Soren Johnson emailed this quote from the recent Synod on Evangelization to the Abbey:
…we wish to indicate to all the faithful [an] expression of the life of faith which seem particularly important to us for witnessing to it in the New Evangelization. The first is constituted by the gift and experience of contemplation. A testimony that the world would consider credible can arise only from an adoring gaze at the mystery of God, Father, Son and Holy Spirit, only from the deep silence that receives the unique saving Word like a womb. Only this prayerful silence can prevent the word of salvation from being lost in the many noises that overrun the world.
We now address a word of gratitude to all men and women who dedicate their lives in monasteries and hermitages to prayer and contemplation. Moments of contemplation must interweave with people’s ordinary lives; spaces in the soul, but also physical ones, that remind us of God; interior sanctuaries and temples of stone that, like crossroads, keep us from losing ourselves in a flood of experience; opportunities in which all could feel accepted, even those who barely know what and whom to seek.
I offer this quote not as self-congratulations but as a reminder and a call to renewed commitment. We who profess the contemplative life and to all of you who practice it, may be reminded that what we try to live is essential to the life of the Gospel for all believers, as it is to all who wrestle with belief.
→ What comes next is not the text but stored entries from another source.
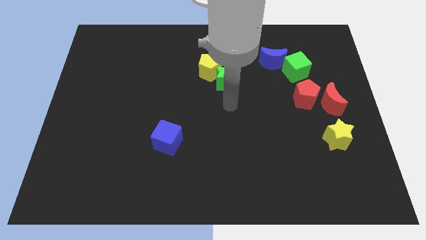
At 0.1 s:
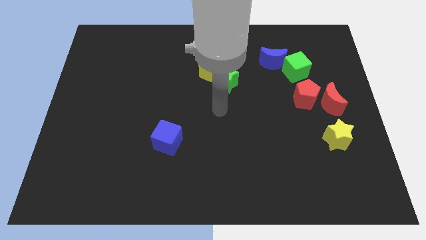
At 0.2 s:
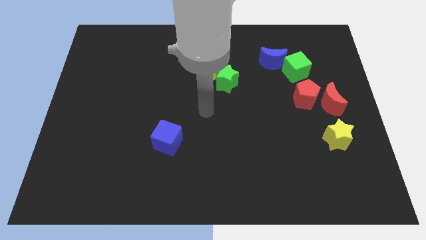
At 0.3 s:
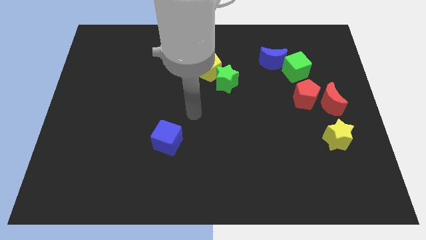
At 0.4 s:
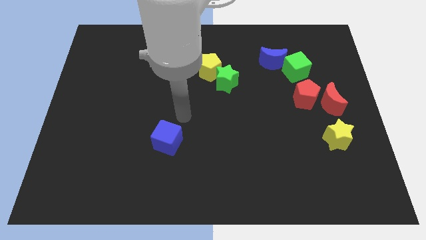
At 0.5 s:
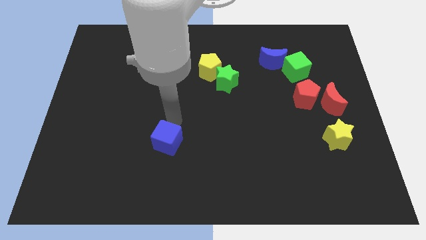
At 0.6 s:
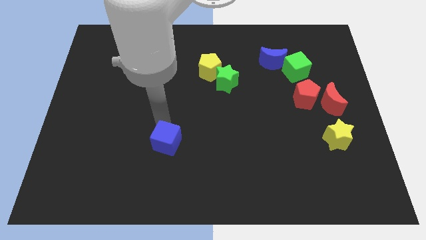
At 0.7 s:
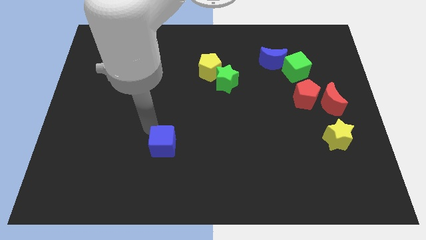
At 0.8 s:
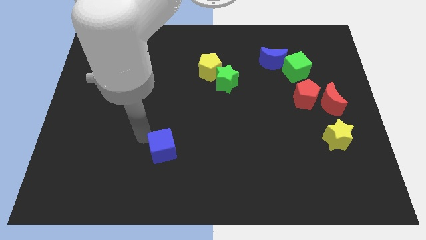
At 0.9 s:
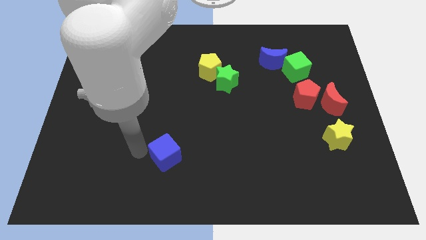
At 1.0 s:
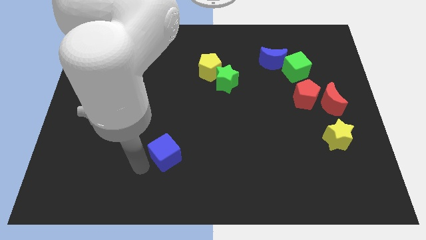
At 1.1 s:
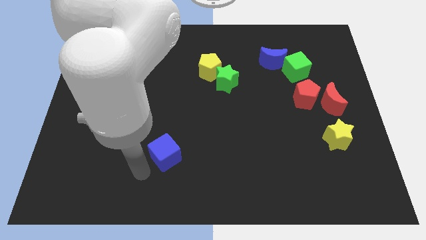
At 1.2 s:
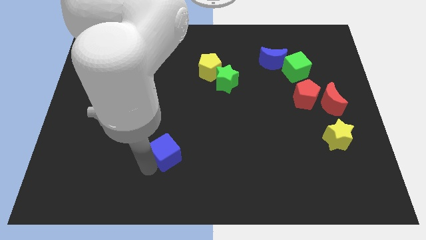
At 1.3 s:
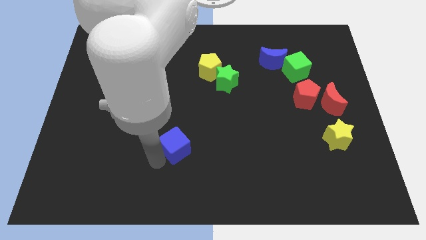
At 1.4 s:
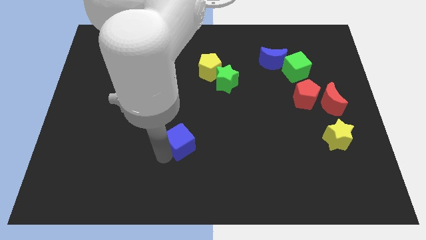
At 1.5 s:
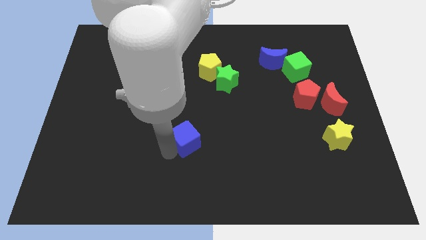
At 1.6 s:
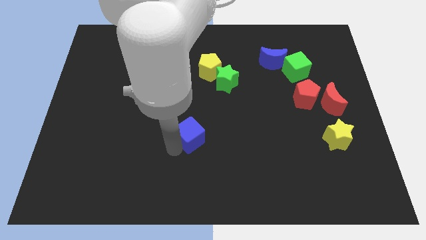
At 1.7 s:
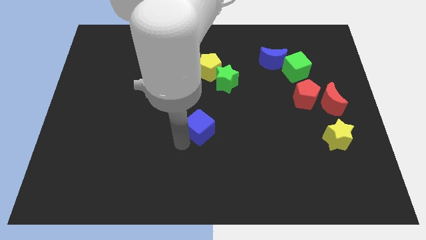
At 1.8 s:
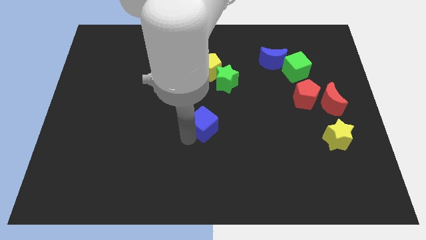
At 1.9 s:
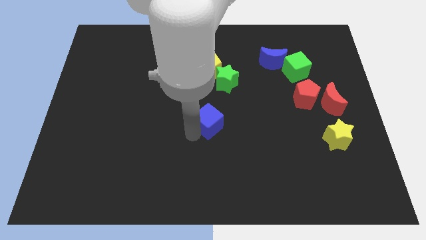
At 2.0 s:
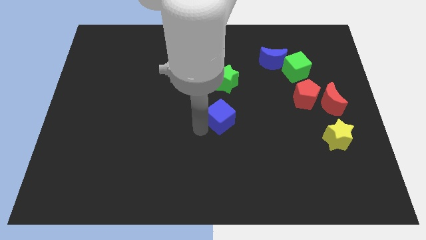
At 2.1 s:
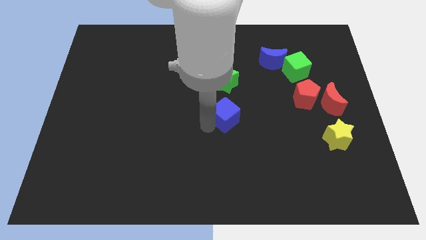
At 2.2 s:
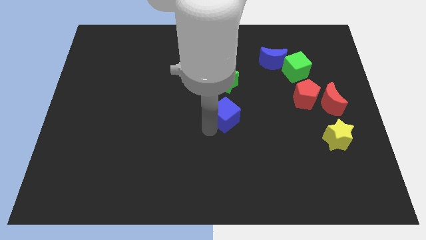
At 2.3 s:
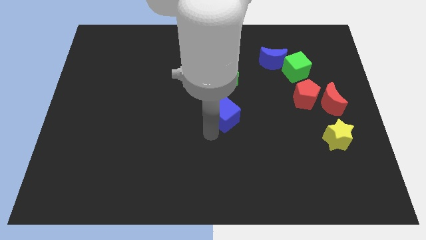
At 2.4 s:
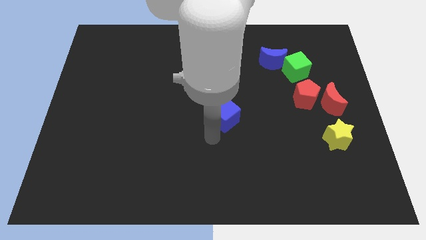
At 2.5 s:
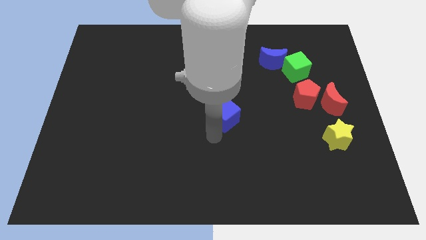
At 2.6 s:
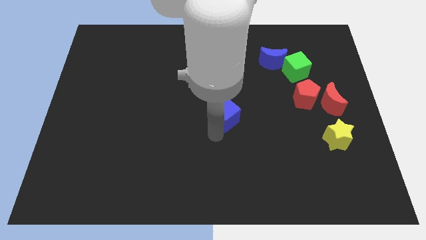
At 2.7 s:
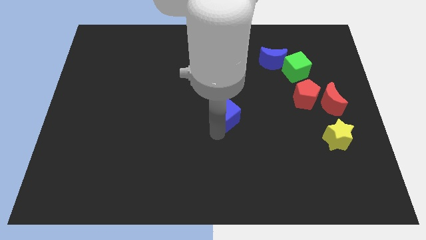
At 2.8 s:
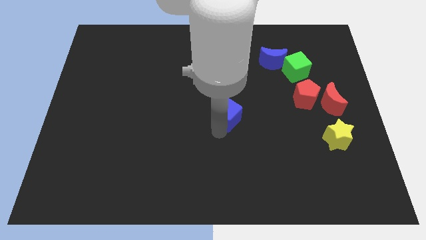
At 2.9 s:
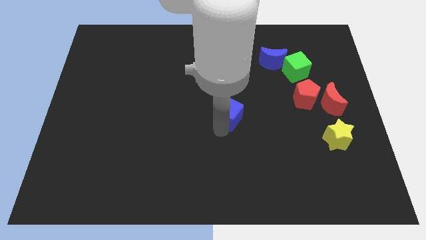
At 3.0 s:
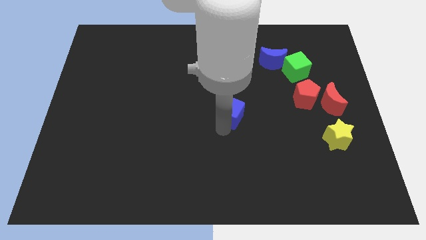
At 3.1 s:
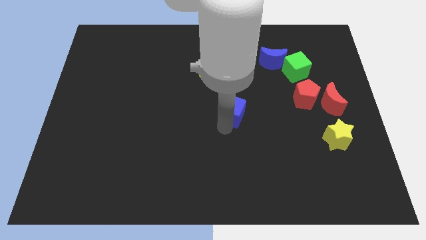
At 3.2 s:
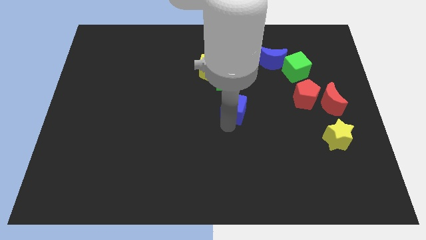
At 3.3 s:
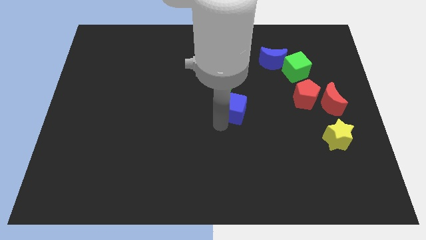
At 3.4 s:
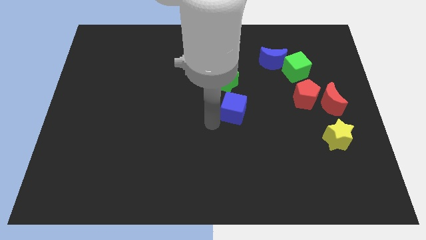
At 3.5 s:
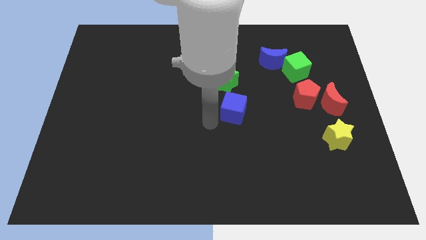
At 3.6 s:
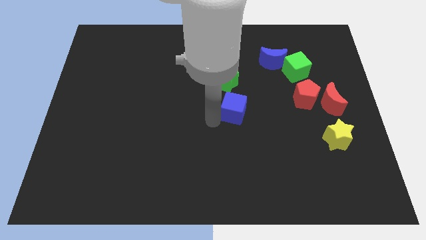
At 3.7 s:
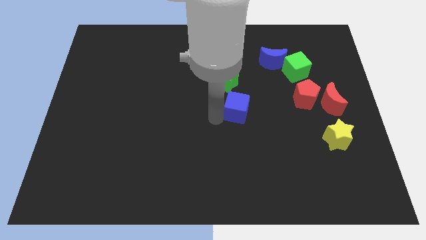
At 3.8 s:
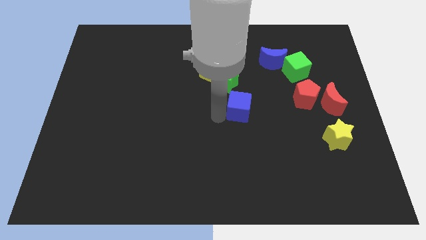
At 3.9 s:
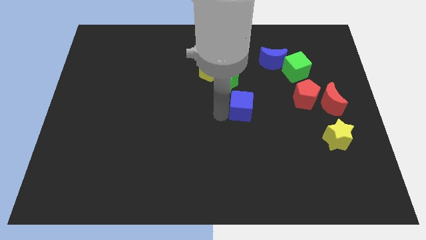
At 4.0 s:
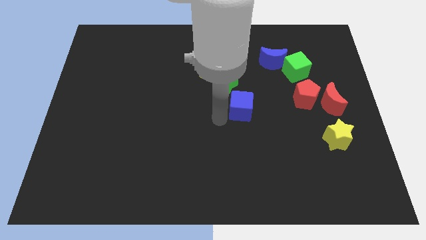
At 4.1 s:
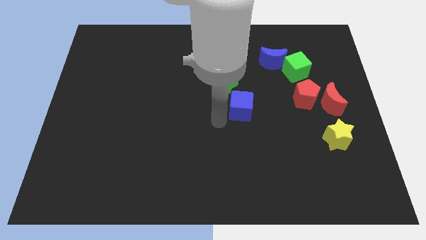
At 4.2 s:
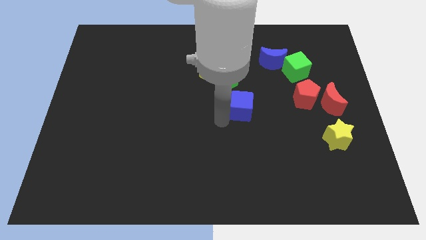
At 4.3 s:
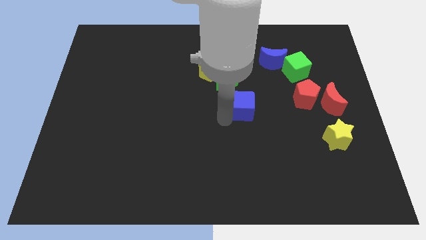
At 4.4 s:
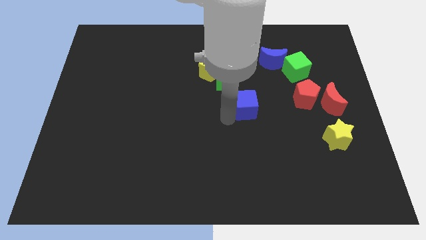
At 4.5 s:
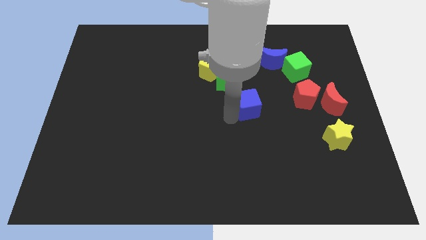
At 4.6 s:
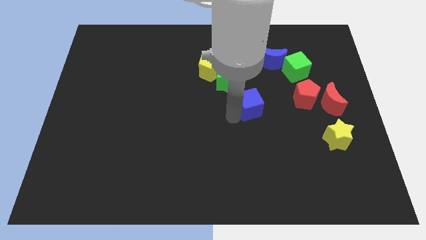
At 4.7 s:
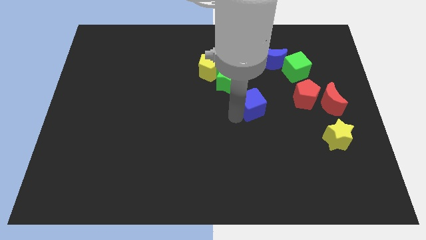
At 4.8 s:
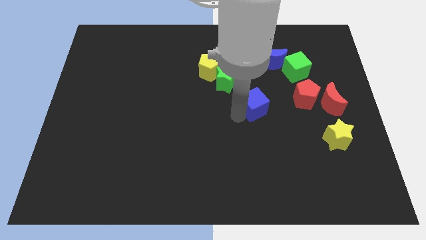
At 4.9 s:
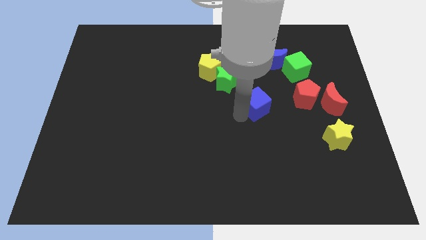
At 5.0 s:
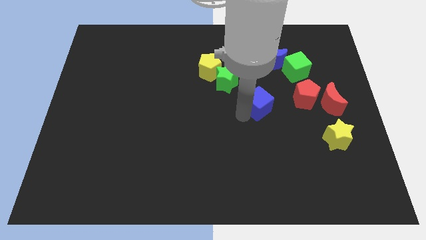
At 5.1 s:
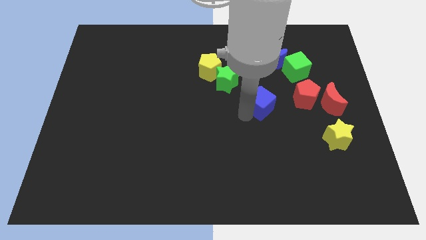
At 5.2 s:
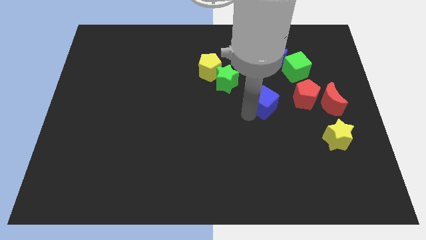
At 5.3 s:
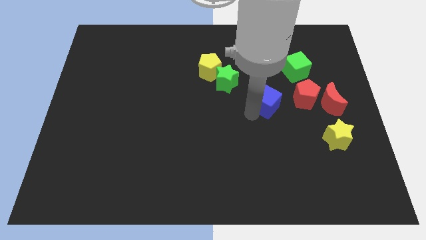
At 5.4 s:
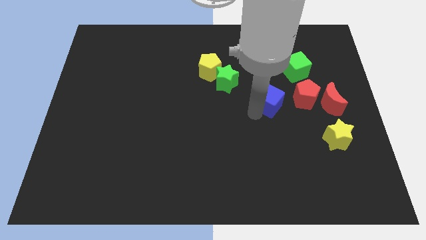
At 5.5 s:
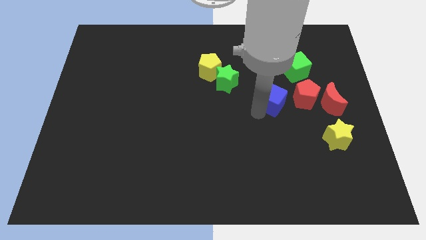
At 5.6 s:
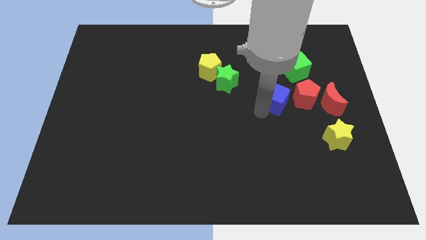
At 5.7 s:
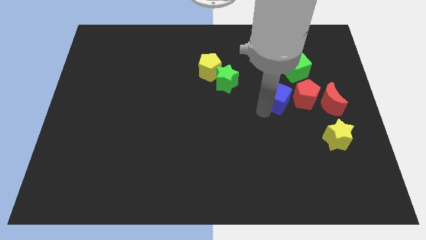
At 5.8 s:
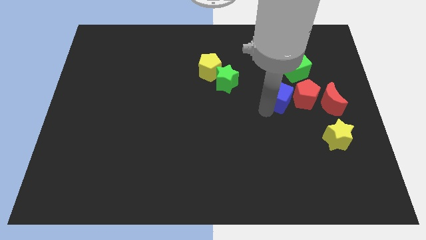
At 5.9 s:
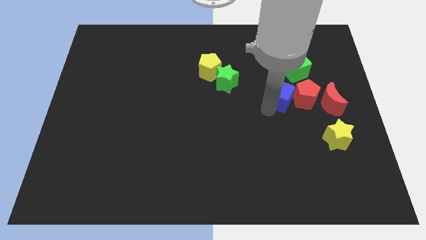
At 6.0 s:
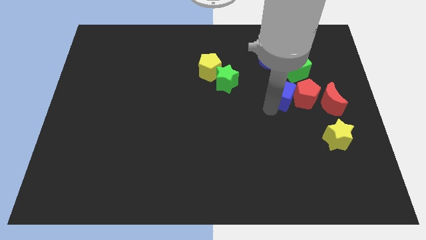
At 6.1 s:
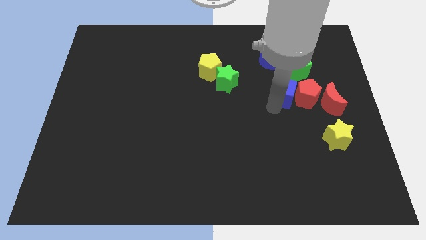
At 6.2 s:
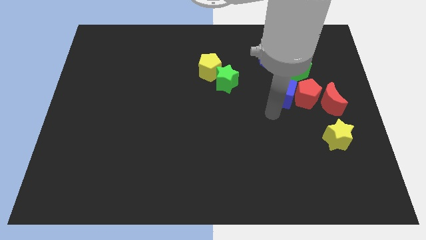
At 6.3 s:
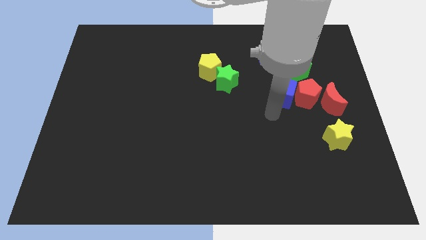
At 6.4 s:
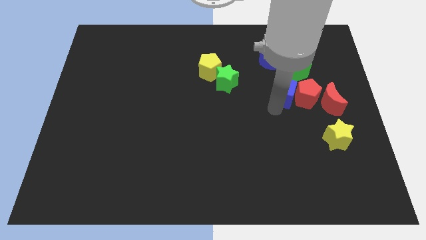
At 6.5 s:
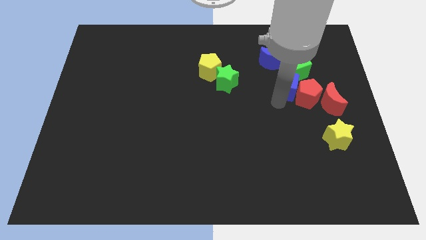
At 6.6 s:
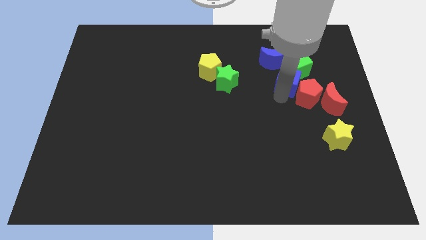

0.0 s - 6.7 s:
slide the blue cube close to the green cube

I grew up in a era when Catholicism viewed its various charisms as “specializations”. I can remember when those who taught in our schools might say that a Jesuit misionary, for example, lived out an incarnational spirituality in the world while a Carmelite nun lived an eschatological spirituality in her cloister. Wouldn’t Ignatius Loyola, with his deep capacity for contemplation, have been surprised by that typology? Wouldn’t Therese of Lisieux, with her intense missionary zeal, have been startled by such categorization? Doesn’t any Trappist at work literally handle the stuff of creation, rendering his work a vehicle for the mystery of the Incarnation? Any and every Christian is called to live the whole Gospel and to life it for the spread of the Gospel. We don’t specialize, we live the Gospel in the lives we’re called to lead.
In our monasteries, our communities strive to witness to the Gospel, that is, spread the Gospel, by our life together. Granted, that’s no small challenge; in this challenge we experience the ups and downs of every Christian family. In our monasteries we all are granted the privilege of hospitality–to our guests, our neighbors, our partners in business or local projects, our employees, our families and friends. May we always be “opportunities in which all could feel accepted, even those who barely know what and whom to seek”!